What to work on:
Using the records underneath, tally the lines where the word "Supported" appears and please give only the count.

Information:
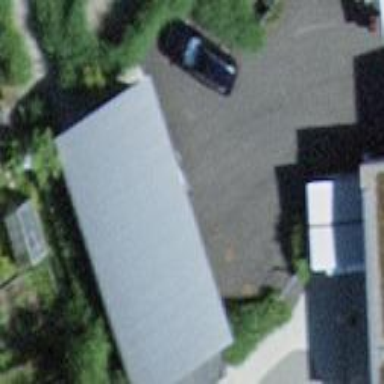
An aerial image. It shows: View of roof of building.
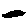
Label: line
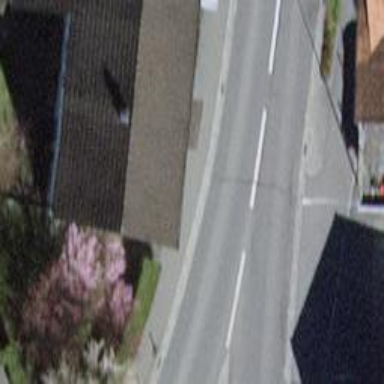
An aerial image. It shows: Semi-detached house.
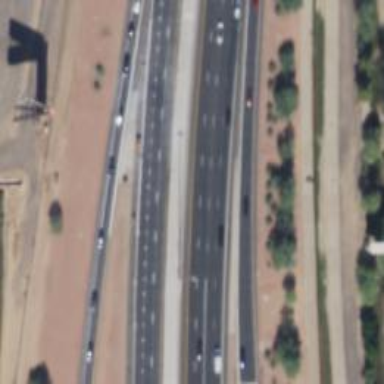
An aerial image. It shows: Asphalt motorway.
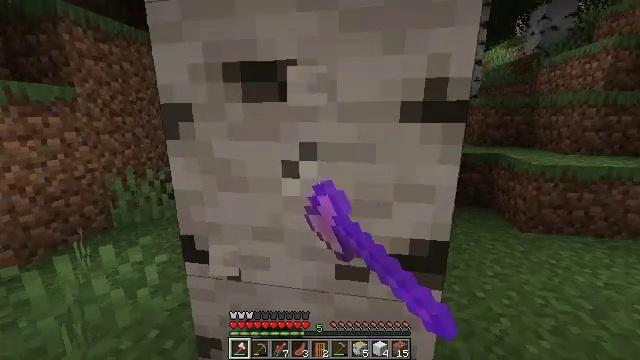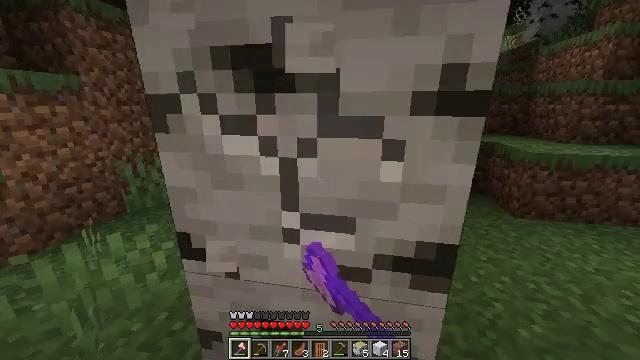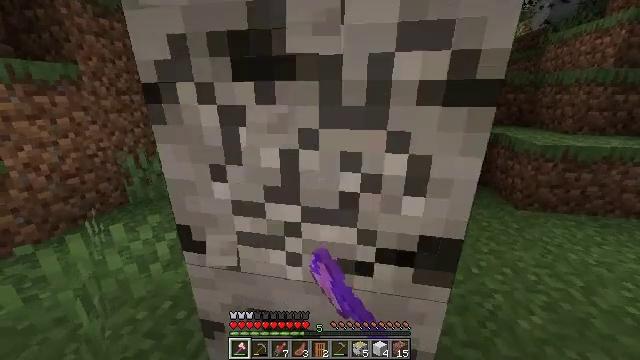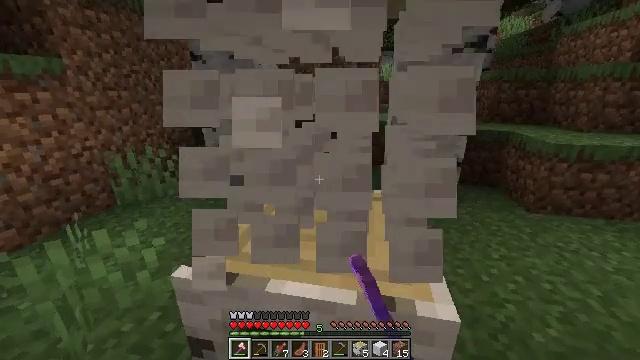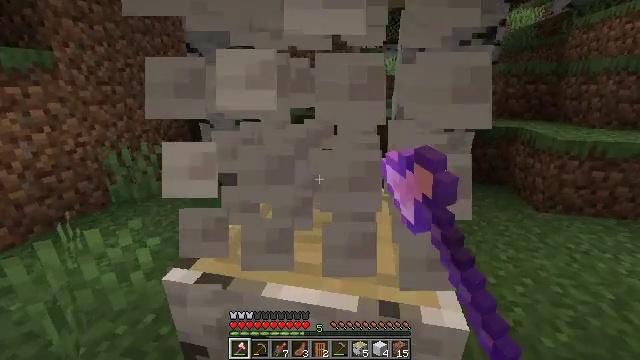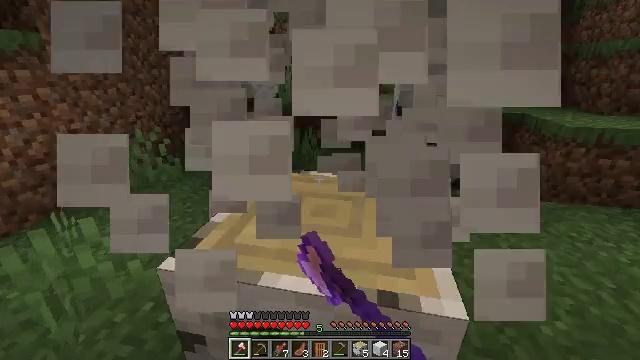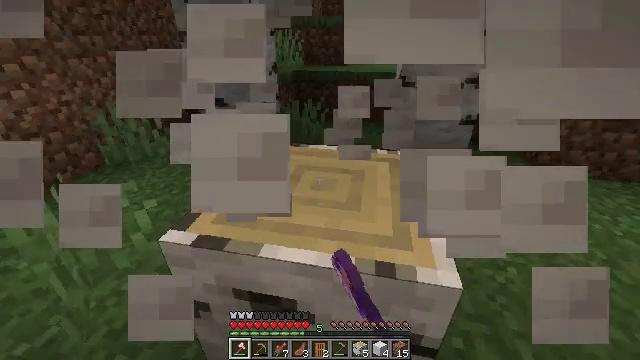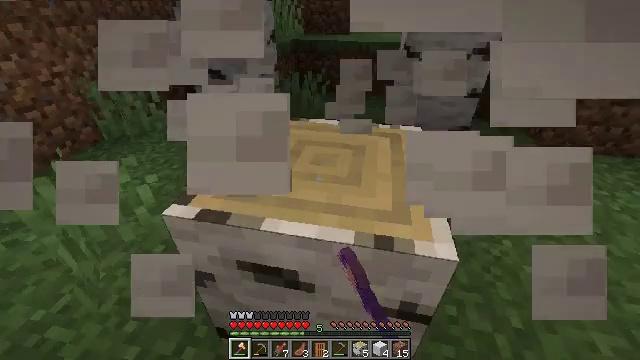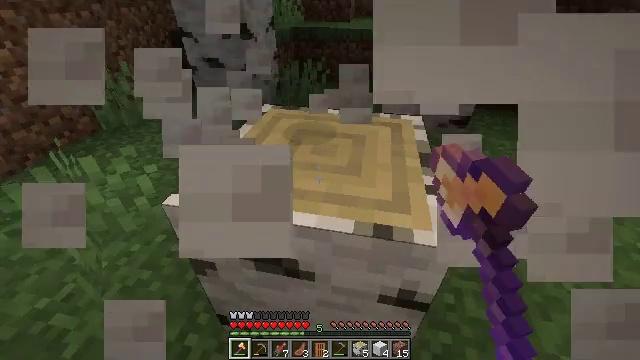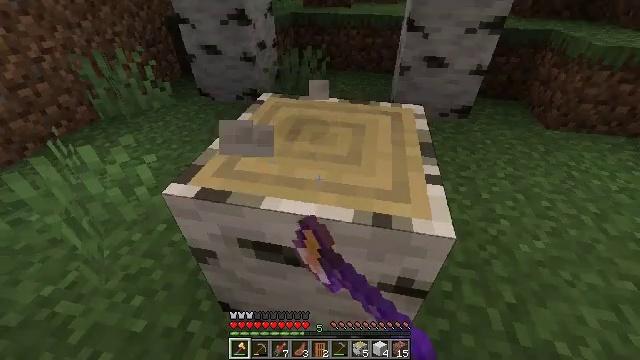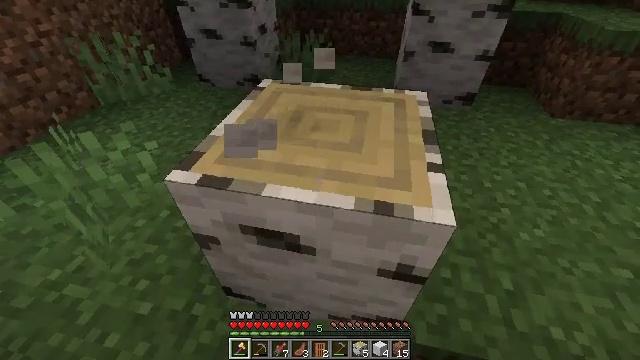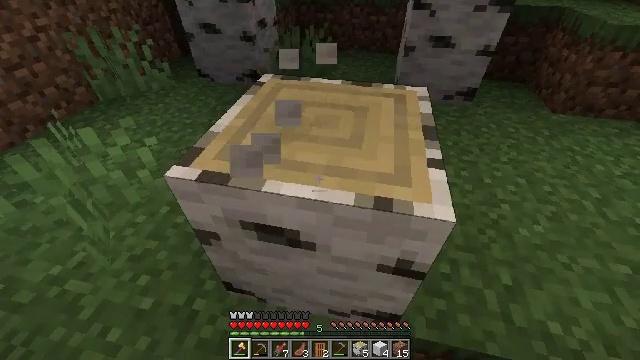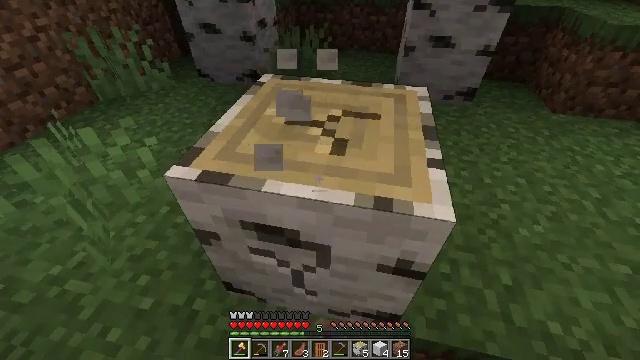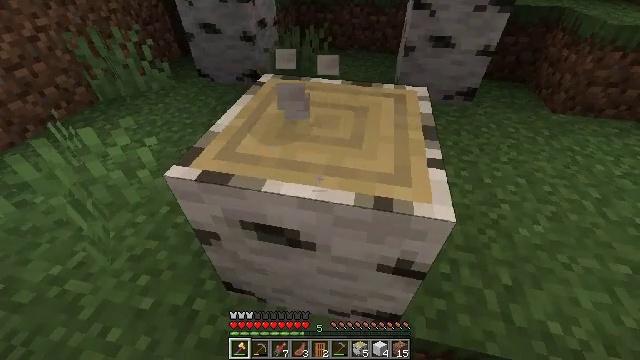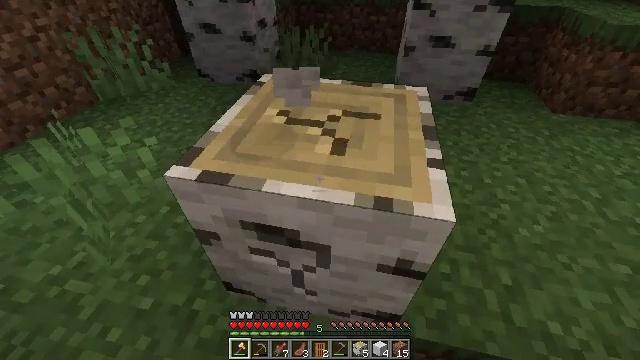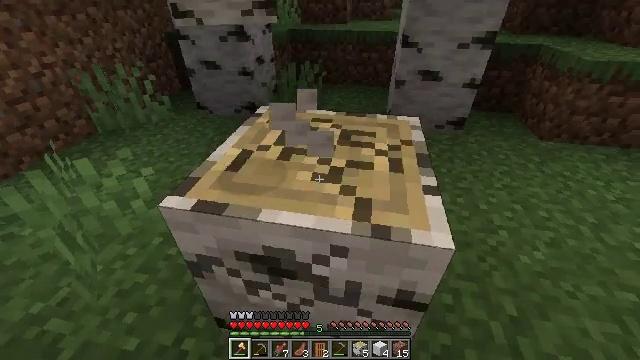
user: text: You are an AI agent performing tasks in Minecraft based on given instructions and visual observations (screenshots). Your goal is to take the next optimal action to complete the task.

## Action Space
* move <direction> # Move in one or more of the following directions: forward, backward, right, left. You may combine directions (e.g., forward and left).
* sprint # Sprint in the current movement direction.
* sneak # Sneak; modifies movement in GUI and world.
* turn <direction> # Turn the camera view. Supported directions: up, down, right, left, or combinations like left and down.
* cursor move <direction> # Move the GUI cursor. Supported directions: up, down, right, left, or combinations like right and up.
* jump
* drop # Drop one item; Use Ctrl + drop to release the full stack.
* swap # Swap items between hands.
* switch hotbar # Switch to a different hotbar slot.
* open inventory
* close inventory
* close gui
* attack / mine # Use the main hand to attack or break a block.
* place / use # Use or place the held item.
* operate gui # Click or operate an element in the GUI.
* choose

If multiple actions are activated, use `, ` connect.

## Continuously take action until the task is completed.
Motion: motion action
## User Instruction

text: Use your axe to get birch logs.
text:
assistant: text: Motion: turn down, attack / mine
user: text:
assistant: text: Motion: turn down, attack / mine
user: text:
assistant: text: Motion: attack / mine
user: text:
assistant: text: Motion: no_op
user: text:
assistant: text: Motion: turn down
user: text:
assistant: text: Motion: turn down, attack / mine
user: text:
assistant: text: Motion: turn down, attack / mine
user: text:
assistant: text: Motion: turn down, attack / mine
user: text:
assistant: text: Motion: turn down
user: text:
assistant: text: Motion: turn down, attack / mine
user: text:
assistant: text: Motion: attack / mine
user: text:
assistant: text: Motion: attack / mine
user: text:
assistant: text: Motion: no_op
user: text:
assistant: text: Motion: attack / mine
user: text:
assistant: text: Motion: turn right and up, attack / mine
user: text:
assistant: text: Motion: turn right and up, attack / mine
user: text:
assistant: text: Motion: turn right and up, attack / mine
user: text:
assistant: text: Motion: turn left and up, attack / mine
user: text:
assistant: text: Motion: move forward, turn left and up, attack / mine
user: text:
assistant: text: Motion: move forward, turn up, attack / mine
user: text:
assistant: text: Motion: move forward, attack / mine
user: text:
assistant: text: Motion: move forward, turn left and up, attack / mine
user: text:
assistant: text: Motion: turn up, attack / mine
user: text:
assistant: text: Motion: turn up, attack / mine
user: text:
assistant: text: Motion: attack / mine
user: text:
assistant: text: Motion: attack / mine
* * *
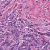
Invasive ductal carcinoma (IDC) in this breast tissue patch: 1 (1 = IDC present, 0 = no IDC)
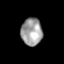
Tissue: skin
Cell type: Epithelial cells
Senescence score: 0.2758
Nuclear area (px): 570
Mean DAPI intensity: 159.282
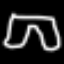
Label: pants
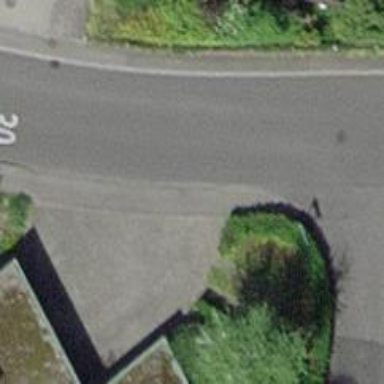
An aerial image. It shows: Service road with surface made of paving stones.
* * *
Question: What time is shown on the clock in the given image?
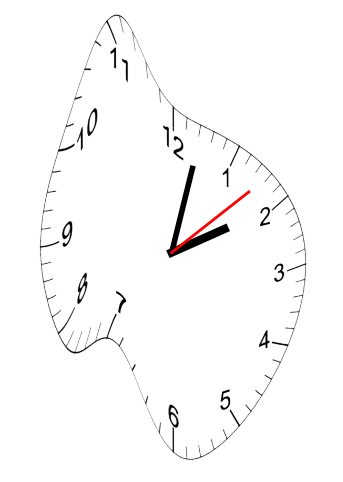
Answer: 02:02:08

Answer box:
2